By Chloe Korol
With our near-total dependency on the internet, it is likely that every Canadian citizen will have their personal information stolen or otherwise unlawfully accessed. Whether we are entering our social insurance number to apply for a credit card, accessing our test results from a recent medical appointment, or uploading our vacation photos to Facebook, we are allowing our information to be collected, stored, and vulnerable to theft from cyberhackers. Such thefts present a seemingly strong case for privacy breach class actions as they squarely fulfill the three main goals of such proceedings: they provide access to justice by consolidating what can be millions of individual claims, which thereby leverages judicial resources, and they are capable of imposing measures that ensure the defendants modify their cybersecurity practices. However, regardless of how necessary a class action may be to pursue privacy breach claims, many courts have recently denied them certification by finding that such claims do not disclose a cause of action.

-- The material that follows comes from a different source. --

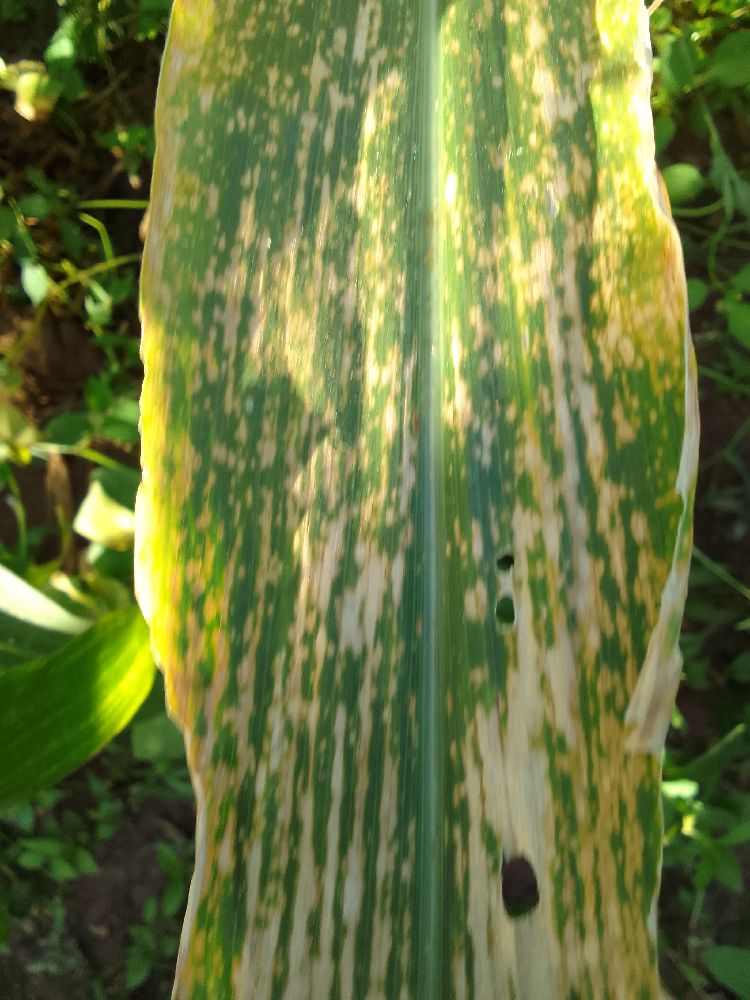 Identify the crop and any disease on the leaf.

maize, maize lethal necrosis

Owsianik v Equifax Canada Co., 2022 ONCA 813 and Setoguchi v Uber BV, 2023 ABCA 45 are two such examples. Both Appeal Courts denied certification by finding the claims do not amount to the torts of intrusion upon seclusion and negligence, respectively. I argue that in each case, the Court fails to fully appreciate the complexities of mass online privacy breaches at the certification stage. In neither case is it plain and obvious the claims could not succeed.
In Owsianik, the Court considered a group of three appeals where the plaintiffs pled intrusion upon seclusion against Equifax Canada, TransUnion of Canada, and Marriott International, who were alleged to be reckless in their maintaining of online databases that stored the plaintiff’s stolen information. The relatively new tort of intrusion upon seclusion is defined as an intentional or reckless invasion of the private affairs of another, without lawful justification, in circumstances in which a reasonable person would regard the invasion as highly offensive and causing distress, humiliation or anguish. The Court found there was an invasion of the plaintiffs’ private affairs, and such an invasion would cause distress and anguish. In fact, the Court comments that unlike the remedies available for negligence or breach of contract, the damages for this tort are indeed well-suited to an award on a class-wide basis. However, because it was hackers, not the defendants, who intentionally engaged in the conduct that resulted in the intrusion, the action could not succeed and therefore certification must be denied.
The Court analogizes to a scenario where a garage operator who negligently leaves keys in a vehicle is held accountable for theft when an opportunistic stranger steals the car from the garage parking lot. Expanding the tort to include the garage operator, or the defendants in this matter, exposes them to indeterminate liability. But does such an analogy hold up when considering the recklessness of a defendant whose databases are stolen in a cyberattack? For instance, unlike the garage operator, a database owner has intricate and low-cost security tools: requiring two-factor authentication, robust user passwords, and regular security audits. Also, unlike the garage operator, a database owner takes on responsibility for the massive amounts of users’ personal information that strikes at the core of a person’s concept of privacy. To properly determine the scope of the tort, further expert evidence brought at a trial of common issues could illuminate the intricacies and extent of the alleged reckless conduct.
In Setoguchi, the plaintiffs alleged Uber was negligent when they failed to provide proper security for the databases that held the drivers’ personal information that was stolen in a cyberattack. The Court held that while Uber owed the plaintiffs a duty of care, the class members could not articulate a “class-wide harm” that was sustained as a result of the theft. The Court noted that there was no evidence that the stolen information was misused and that the risk of its misuse in the future on its own does amount to damages. Further, the Court did not accept that there is any inherent value in personal information that is already publicly available.
While it may be that damages cannot be sought for the risk of misuse of personal information, the stress and anxiety caused by this risk reflect the inherent value of such information and thus articulates a class-wide harm. This argument would benefit from a full factual record that reflects the vulnerability of users who, like many plaintiffs in privacy breaches, must share their information with companies such as Uber to maintain employment and otherwise function in modern society. Additionally, methodologies for determining these types of damages on an aggregate basis are available, the validity of which can be fully examined at trial (see Sweet v Canada, 2022 FC 1228 at para 25).
Although as a policy matter class actions are necessary to achieve redress for privacy breaches, in practice courts have been reluctant to certify such cases. Nonetheless, without providing effective remedies to individuals for privacy breaches, we risk such conduct becoming commonplace and greater erosion of our concept of privacy. Courts must recognize that in our unprecedented age of information, they are required to carefully consider the factual matrix in which our technology-reliant society operates.